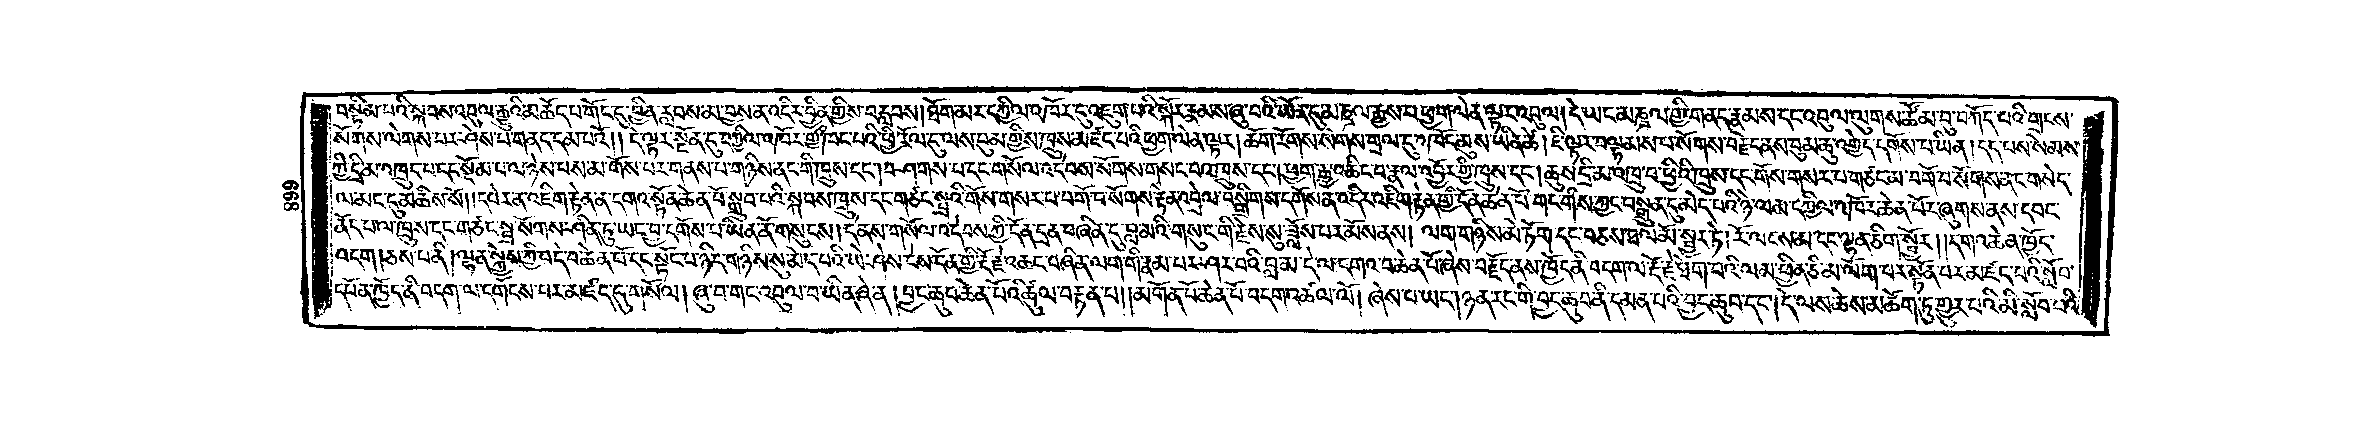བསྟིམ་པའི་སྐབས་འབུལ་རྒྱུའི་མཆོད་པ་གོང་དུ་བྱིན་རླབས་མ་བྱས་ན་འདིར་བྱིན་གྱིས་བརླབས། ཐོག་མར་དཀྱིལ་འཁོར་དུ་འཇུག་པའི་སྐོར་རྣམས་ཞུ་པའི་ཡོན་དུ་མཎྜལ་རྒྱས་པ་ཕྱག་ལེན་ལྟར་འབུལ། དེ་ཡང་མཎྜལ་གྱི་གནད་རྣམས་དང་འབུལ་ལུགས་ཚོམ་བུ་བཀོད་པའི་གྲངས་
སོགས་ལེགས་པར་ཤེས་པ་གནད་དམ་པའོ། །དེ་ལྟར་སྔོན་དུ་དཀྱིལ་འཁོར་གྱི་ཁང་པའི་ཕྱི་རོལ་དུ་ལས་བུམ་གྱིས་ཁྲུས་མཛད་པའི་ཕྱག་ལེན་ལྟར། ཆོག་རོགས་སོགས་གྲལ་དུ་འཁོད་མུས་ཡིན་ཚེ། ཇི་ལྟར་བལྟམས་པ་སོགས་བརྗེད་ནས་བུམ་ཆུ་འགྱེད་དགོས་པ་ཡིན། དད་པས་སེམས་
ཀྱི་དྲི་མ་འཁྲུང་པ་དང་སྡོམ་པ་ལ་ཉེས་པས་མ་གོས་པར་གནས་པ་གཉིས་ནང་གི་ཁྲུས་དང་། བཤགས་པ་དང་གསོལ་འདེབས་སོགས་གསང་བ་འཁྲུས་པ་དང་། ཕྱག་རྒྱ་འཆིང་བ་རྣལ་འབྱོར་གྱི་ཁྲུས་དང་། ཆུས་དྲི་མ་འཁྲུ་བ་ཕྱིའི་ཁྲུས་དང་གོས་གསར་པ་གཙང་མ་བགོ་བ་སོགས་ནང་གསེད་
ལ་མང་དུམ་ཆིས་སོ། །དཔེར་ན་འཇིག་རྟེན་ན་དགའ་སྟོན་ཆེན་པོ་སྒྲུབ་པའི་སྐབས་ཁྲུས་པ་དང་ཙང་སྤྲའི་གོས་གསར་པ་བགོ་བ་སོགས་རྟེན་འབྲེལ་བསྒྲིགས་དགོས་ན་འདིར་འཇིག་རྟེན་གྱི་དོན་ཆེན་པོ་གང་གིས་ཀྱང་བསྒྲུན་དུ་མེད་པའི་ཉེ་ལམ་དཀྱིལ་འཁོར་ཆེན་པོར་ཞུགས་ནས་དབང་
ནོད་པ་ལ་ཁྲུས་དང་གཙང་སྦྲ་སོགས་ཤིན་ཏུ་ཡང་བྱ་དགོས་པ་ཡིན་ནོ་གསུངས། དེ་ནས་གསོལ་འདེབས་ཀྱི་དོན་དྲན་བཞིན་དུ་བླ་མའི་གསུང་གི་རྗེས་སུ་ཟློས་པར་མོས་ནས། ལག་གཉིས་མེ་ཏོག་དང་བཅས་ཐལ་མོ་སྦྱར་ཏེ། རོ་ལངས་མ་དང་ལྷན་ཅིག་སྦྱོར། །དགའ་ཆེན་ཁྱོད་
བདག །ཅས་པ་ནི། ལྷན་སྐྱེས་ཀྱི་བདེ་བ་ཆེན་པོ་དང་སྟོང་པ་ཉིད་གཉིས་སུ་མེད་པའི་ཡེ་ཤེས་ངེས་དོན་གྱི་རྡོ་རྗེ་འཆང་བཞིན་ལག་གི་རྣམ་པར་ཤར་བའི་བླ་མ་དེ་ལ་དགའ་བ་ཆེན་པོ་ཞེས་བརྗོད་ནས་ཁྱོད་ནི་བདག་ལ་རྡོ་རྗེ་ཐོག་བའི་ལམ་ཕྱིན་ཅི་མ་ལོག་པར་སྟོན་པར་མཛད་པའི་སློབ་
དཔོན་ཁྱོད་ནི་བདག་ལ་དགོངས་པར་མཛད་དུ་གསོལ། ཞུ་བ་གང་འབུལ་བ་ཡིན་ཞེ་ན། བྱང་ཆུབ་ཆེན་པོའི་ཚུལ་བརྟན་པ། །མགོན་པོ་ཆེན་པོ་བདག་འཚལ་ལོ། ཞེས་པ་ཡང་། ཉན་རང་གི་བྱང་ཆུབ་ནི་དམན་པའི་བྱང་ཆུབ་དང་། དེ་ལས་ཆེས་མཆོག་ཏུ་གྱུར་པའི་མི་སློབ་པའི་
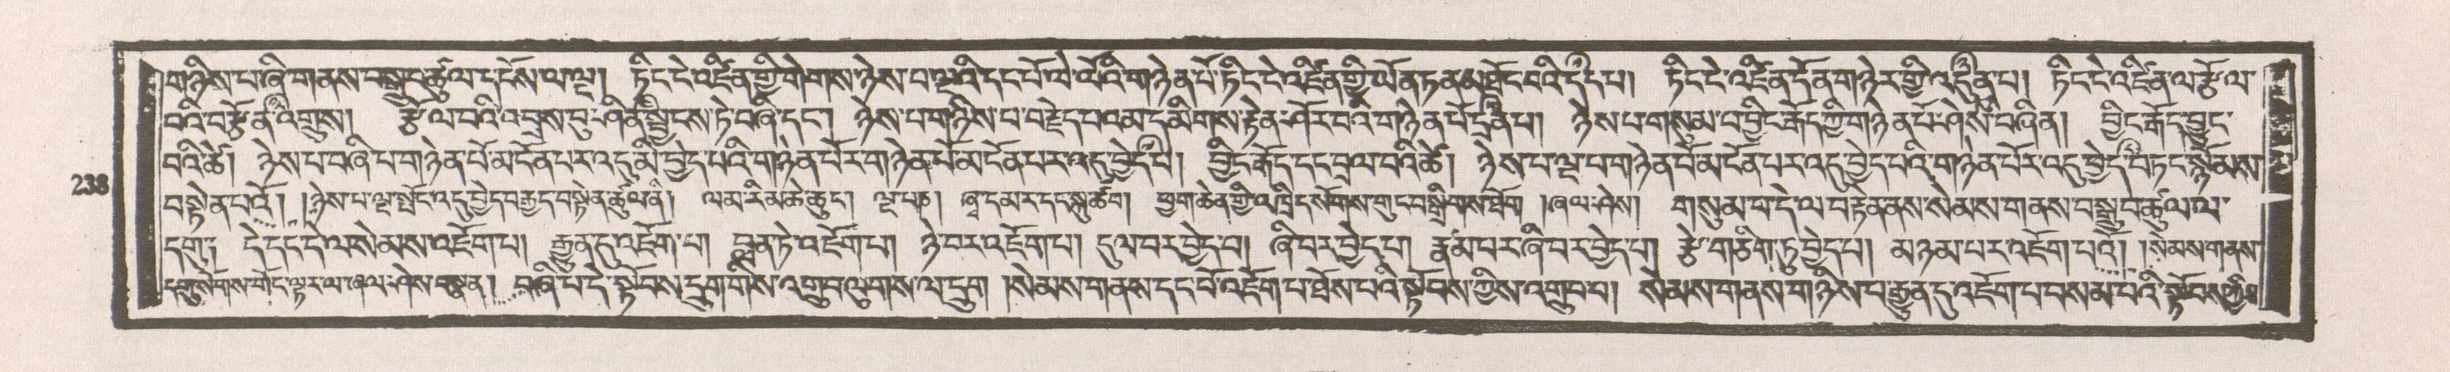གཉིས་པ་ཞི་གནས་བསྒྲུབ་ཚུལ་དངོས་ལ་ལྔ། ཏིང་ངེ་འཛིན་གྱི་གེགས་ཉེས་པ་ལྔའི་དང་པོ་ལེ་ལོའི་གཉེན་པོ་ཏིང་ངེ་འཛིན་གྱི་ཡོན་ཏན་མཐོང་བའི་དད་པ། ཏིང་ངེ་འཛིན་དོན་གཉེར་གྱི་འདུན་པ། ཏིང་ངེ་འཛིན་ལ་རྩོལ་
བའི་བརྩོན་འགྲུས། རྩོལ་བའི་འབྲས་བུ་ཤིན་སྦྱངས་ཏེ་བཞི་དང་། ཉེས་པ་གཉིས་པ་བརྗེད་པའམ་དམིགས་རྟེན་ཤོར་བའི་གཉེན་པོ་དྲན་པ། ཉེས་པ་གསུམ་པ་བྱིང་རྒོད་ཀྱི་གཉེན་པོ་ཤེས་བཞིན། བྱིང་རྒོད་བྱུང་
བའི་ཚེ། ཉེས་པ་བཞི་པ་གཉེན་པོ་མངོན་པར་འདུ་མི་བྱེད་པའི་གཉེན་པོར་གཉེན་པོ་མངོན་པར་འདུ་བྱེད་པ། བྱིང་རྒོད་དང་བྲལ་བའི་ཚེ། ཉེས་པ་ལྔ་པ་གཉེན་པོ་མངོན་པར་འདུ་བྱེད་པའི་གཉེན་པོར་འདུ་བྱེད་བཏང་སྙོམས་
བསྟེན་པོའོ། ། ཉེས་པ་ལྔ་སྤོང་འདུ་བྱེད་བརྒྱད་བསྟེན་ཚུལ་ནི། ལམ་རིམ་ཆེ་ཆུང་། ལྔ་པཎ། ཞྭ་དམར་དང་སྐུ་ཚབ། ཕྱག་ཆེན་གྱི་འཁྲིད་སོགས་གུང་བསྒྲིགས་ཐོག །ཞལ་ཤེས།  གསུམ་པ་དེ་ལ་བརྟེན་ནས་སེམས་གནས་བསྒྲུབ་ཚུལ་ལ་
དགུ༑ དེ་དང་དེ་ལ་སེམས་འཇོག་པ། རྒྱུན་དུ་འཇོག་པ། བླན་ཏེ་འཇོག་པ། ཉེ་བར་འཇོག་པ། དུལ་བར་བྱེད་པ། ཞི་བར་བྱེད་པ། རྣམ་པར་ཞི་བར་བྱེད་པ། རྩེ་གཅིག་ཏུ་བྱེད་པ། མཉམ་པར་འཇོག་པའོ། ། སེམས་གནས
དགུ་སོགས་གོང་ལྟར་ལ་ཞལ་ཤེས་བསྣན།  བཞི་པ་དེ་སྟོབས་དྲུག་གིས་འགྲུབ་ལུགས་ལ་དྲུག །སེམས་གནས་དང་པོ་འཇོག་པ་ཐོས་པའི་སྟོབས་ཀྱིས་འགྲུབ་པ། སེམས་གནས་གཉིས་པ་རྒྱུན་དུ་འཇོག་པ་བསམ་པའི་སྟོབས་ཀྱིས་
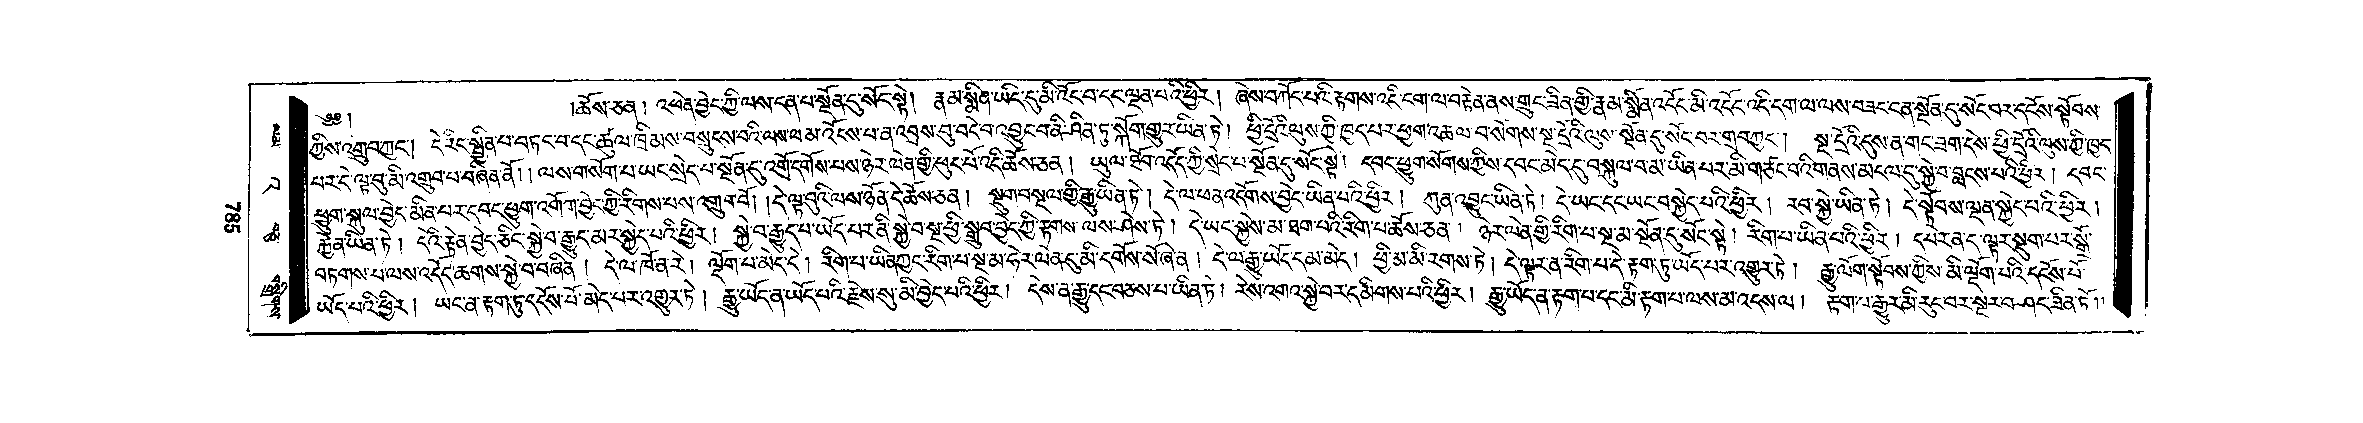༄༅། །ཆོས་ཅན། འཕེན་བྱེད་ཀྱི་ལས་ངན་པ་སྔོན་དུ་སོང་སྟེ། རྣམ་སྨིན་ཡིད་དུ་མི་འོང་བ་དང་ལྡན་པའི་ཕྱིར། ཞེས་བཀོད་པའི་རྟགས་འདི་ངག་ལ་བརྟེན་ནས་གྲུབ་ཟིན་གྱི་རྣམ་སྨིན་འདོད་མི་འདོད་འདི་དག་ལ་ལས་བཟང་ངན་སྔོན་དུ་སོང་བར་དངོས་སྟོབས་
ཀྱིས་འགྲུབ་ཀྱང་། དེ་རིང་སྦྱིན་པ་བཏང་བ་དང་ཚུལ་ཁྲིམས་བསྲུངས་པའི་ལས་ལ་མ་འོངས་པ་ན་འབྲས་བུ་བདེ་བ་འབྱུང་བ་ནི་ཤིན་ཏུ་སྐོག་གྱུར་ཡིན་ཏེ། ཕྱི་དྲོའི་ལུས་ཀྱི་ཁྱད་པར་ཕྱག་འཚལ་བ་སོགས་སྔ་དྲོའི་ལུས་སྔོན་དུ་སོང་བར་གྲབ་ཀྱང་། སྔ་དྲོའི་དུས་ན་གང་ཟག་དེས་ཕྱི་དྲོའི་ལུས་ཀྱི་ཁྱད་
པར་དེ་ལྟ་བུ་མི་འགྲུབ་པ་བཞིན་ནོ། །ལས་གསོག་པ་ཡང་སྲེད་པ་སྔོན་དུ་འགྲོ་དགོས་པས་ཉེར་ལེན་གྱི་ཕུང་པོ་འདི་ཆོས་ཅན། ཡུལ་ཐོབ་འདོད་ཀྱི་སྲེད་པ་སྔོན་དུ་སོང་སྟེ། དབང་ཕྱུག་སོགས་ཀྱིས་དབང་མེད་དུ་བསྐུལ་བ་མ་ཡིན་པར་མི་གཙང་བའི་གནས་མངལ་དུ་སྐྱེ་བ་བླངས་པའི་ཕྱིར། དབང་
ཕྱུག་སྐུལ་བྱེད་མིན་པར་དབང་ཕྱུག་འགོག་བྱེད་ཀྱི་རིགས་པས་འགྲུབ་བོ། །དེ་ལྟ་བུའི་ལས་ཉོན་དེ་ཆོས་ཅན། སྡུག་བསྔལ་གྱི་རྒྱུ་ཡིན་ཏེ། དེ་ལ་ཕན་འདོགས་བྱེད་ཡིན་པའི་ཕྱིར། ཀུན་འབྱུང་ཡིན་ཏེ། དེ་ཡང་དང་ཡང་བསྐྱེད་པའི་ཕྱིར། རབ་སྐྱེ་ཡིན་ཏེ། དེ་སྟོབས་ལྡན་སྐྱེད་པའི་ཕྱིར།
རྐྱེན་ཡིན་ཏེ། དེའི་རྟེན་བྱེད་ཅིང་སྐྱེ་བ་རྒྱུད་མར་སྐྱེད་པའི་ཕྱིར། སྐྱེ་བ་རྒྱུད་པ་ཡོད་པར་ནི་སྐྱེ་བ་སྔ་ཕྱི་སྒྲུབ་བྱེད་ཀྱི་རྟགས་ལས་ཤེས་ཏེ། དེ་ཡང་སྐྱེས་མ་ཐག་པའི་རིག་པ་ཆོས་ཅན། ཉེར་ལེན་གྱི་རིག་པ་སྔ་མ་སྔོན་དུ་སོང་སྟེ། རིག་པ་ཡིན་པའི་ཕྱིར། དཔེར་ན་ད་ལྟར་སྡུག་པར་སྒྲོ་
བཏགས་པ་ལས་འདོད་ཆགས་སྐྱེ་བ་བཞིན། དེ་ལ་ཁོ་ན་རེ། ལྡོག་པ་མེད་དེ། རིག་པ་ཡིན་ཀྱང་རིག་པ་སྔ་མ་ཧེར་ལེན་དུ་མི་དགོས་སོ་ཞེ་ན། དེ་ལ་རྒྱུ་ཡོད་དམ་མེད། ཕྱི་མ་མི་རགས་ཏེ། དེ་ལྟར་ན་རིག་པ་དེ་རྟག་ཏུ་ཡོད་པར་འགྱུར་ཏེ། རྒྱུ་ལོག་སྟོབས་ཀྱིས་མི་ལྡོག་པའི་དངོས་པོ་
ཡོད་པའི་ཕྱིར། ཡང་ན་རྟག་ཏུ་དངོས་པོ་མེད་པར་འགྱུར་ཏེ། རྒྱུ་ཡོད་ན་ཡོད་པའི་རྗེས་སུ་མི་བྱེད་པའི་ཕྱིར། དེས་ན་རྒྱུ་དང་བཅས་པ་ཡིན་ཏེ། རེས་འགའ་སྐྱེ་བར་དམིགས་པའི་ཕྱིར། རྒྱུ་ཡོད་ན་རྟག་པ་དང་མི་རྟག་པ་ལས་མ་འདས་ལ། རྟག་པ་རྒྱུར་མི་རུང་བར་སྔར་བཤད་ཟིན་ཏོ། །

----------------

Give back exactly the lines starting at the one with "བཏགས་པ་ལས་འདོད་ཆགས་སྐྱེ་བ་བཞིན། དེ་ལ་ཁོ་ན་རེ། ལྡོག་པ་མེད་དེ།" and running to the end of the listing. Include both ends.

Exercise answer |
བཏགས་པ་ལས་འདོད་ཆགས་སྐྱེ་བ་བཞིན། དེ་ལ་ཁོ་ན་རེ། ལྡོག་པ་མེད་དེ། རིག་པ་ཡིན་ཀྱང་རིག་པ་སྔ་མ་ཧེར་ལེན་དུ་མི་དགོས་སོ་ཞེ་ན། དེ་ལ་རྒྱུ་ཡོད་དམ་མེད། ཕྱི་མ་མི་རགས་ཏེ། དེ་ལྟར་ན་རིག་པ་དེ་རྟག་ཏུ་ཡོད་པར་འགྱུར་ཏེ། རྒྱུ་ལོག་སྟོབས་ཀྱིས་མི་ལྡོག་པའི་དངོས་པོ་
ཡོད་པའི་ཕྱིར། ཡང་ན་རྟག་ཏུ་དངོས་པོ་མེད་པར་འགྱུར་ཏེ། རྒྱུ་ཡོད་ན་ཡོད་པའི་རྗེས་སུ་མི་བྱེད་པའི་ཕྱིར། དེས་ན་རྒྱུ་དང་བཅས་པ་ཡིན་ཏེ། རེས་འགའ་སྐྱེ་བར་དམིགས་པའི་ཕྱིར། རྒྱུ་ཡོད་ན་རྟག་པ་དང་མི་རྟག་པ་ལས་མ་འདས་ལ། རྟག་པ་རྒྱུར་མི་རུང་བར་སྔར་བཤད་ཟིན་ཏོ། །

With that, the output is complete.